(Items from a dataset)
---------------
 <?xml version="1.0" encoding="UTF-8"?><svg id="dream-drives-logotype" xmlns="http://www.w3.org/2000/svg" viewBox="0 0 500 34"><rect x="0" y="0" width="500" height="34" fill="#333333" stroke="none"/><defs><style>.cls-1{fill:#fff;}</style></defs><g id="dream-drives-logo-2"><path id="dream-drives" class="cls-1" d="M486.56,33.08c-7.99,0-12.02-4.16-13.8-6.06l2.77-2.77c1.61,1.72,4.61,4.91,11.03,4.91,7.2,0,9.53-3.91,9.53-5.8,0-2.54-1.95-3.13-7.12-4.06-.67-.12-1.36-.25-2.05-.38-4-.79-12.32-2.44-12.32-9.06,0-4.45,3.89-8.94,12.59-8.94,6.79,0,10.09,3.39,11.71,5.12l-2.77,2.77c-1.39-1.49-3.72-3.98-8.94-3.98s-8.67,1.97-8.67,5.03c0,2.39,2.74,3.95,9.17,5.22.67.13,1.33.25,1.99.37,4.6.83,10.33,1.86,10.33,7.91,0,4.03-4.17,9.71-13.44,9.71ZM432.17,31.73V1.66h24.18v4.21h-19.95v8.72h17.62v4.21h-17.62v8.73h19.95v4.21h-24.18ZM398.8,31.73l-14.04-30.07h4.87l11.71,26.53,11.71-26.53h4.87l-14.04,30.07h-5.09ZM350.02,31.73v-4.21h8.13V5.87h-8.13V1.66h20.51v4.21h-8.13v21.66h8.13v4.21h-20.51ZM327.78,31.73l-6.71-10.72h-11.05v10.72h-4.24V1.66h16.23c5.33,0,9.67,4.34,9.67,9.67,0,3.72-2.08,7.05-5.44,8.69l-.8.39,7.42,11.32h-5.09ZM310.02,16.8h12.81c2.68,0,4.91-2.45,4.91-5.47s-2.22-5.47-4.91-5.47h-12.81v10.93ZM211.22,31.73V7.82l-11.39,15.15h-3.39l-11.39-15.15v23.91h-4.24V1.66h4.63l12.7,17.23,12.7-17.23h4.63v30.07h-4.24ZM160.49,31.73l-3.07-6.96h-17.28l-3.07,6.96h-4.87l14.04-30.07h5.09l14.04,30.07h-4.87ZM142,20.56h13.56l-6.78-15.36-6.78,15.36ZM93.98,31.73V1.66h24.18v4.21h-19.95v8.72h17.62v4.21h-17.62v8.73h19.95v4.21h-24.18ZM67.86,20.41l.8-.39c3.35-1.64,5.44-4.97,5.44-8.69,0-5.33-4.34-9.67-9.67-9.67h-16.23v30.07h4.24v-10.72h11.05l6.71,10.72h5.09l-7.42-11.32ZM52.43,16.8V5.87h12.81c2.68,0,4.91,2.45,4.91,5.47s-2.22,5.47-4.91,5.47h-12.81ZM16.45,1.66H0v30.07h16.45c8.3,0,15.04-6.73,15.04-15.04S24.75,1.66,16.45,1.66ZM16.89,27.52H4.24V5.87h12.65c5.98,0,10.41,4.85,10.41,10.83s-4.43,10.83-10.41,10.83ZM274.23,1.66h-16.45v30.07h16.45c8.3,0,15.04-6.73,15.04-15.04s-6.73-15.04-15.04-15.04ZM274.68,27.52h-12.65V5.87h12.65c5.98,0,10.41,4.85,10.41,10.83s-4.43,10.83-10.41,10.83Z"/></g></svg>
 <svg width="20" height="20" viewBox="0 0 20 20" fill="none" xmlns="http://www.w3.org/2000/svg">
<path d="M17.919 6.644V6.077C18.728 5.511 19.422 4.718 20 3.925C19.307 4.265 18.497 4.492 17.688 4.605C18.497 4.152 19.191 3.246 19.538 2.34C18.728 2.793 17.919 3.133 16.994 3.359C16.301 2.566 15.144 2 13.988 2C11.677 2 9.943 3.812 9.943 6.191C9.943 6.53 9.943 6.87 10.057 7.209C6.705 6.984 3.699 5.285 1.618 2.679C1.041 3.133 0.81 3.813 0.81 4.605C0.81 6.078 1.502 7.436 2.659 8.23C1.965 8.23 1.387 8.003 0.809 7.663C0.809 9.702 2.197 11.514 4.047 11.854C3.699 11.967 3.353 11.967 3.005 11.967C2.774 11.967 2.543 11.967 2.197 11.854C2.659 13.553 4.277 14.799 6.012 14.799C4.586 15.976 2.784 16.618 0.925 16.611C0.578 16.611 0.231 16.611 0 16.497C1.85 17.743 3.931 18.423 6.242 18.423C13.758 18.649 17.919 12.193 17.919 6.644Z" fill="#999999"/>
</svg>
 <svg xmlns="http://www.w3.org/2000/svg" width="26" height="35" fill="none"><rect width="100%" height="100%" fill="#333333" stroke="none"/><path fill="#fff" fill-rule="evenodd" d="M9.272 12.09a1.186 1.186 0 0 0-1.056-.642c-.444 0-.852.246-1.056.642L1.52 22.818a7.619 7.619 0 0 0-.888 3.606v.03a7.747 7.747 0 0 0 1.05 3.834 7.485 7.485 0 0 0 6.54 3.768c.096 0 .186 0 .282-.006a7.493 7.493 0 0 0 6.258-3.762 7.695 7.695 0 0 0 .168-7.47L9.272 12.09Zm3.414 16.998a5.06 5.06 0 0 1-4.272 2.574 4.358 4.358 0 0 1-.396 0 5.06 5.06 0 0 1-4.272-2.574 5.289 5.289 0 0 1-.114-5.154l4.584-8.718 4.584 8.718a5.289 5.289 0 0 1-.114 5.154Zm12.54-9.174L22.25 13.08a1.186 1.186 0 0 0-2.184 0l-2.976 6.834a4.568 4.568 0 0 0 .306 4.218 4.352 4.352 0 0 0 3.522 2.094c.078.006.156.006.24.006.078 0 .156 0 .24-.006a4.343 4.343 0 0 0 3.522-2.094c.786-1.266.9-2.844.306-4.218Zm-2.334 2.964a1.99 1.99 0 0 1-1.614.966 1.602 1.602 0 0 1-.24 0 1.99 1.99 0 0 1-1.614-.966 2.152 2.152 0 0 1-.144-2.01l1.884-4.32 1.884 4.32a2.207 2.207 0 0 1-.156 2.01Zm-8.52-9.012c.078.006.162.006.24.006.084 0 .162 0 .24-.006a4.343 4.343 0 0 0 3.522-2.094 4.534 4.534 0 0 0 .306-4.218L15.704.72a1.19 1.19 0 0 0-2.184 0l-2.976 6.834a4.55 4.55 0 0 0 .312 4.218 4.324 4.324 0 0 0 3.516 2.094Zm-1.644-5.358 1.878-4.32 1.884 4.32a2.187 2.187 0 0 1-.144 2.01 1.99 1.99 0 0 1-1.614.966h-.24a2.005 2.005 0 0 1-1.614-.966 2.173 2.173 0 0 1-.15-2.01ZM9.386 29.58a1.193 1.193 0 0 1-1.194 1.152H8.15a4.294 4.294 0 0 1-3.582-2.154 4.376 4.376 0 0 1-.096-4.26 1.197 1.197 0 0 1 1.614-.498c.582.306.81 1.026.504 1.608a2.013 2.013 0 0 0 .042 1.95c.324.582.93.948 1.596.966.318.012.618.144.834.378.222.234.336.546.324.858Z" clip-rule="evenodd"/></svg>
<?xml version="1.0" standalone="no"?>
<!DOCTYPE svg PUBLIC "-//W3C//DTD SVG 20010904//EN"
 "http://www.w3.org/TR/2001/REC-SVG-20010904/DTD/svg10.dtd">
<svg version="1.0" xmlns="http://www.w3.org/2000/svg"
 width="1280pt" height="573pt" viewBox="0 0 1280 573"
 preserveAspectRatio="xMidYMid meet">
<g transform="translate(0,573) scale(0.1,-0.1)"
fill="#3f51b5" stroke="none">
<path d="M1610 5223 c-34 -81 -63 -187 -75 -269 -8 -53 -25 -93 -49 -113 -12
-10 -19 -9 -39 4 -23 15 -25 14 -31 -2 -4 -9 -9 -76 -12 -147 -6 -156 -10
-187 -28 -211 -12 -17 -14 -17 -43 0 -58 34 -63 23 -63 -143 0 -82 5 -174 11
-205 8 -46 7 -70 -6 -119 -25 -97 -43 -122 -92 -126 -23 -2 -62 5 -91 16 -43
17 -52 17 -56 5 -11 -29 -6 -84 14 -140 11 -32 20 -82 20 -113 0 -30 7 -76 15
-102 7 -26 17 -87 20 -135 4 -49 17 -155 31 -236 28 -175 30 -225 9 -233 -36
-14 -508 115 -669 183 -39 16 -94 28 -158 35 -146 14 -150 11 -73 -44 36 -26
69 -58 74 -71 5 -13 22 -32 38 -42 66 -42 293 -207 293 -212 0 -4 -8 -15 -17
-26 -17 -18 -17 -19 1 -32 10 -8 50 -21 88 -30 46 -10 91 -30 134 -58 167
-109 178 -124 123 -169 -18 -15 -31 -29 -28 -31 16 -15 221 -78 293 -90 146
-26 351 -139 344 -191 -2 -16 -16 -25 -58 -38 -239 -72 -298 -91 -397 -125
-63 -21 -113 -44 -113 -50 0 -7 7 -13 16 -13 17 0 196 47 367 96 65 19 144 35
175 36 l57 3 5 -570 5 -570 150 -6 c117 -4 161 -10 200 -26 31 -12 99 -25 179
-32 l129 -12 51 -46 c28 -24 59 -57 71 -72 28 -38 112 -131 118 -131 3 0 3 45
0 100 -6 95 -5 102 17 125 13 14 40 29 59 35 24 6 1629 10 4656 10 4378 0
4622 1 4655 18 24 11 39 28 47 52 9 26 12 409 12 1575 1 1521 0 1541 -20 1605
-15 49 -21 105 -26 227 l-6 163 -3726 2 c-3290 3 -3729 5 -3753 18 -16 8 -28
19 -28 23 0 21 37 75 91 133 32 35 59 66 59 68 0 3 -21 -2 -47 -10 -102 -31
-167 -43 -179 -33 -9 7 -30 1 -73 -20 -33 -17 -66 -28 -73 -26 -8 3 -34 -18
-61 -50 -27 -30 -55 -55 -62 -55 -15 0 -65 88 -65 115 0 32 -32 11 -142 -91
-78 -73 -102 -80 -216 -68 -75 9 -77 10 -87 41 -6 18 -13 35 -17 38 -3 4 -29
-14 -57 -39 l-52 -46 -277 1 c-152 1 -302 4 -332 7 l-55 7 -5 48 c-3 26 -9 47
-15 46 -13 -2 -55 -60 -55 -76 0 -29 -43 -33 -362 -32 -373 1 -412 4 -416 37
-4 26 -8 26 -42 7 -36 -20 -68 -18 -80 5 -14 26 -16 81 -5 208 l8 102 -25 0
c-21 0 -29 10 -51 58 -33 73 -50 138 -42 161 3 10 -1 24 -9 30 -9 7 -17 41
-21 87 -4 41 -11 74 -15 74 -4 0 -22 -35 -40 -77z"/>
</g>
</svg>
---------------
Output the line containing "-167 -43 -179" and all lines after it to the end of the records, exactly as given.

■ **Result of the exercise**
-167 -43 -179 -33 -9 7 -30 1 -73 -20 -33 -17 -66 -28 -73 -26 -8 3 -34 -18
-61 -50 -27 -30 -55 -55 -62 -55 -15 0 -65 88 -65 115 0 32 -32 11 -142 -91
-78 -73 -102 -80 -216 -68 -75 9 -77 10 -87 41 -6 18 -13 35 -17 38 -3 4 -29
-14 -57 -39 l-52 -46 -277 1 c-152 1 -302 4 -332 7 l-55 7 -5 48 c-3 26 -9 47
-15 46 -13 -2 -55 -60 -55 -76 0 -29 -43 -33 -362 -32 -373 1 -412 4 -416 37
-4 26 -8 26 -42 7 -36 -20 -68 -18 -80 5 -14 26 -16 81 -5 208 l8 102 -25 0
c-21 0 -29 10 -51 58 -33 73 -50 138 -42 161 3 10 -1 24 -9 30 -9 7 -17 41
-21 87 -4 41 -11 74 -15 74 -4 0 -22 -35 -40 -77z"/>
</g>
</svg>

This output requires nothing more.